“Womb for Rent”: Socio-Cultural Implications of Reproductive Tourism in India
Abstract
Commercial surrogacy in India has become an increasingly controversial human rights and global health issue. Indian women living in dire poverty are the most vulnerable group in this transnational phenomenon. Reproductive tourism can be defined as the process whereby affluent people, predominately from Global North countries (i.e., Canada) seek assisted reproduction in the Global South (in this case, India), to accomplish fertility and kinship formation goals while remaining oblivious to the inevitable social issues associated with this international trade.

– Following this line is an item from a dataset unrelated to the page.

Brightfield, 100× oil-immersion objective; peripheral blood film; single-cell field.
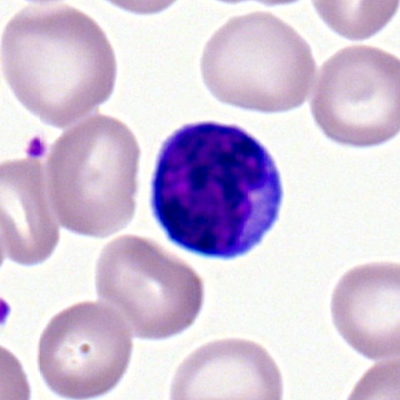Classification — typical lymphocyte.

This study investigates how the media and academic anthropological research present current understandings of family and kinship regarding commercial surrogacy. I argue that reproductive tourism is a multi-faceted social issue with significant socio-cultural implications for kinship in India and the Global North with roots in a gendered division of labour, culture-specific belief systems, technological advancement, race and class stratification, capitalist structures, and globalization. I critically analyze diverse media sources that offer insights within these realms, and I use research in anthropology as ethnographic evidence to support, challenge, or extend claims reported by the media. The commodification of reproductive labour has had vast impacts on the cultural meanings of kinship in India and in Global North countries. Transnational surrogacy must be perceived by governments as a public matter rather than a private one, in order to adequately derive holistic solutions to halt the exploitation of vulnerable Indian women while balancing the desire of infertile individuals to utilize surrogacy as a means of kinship formation.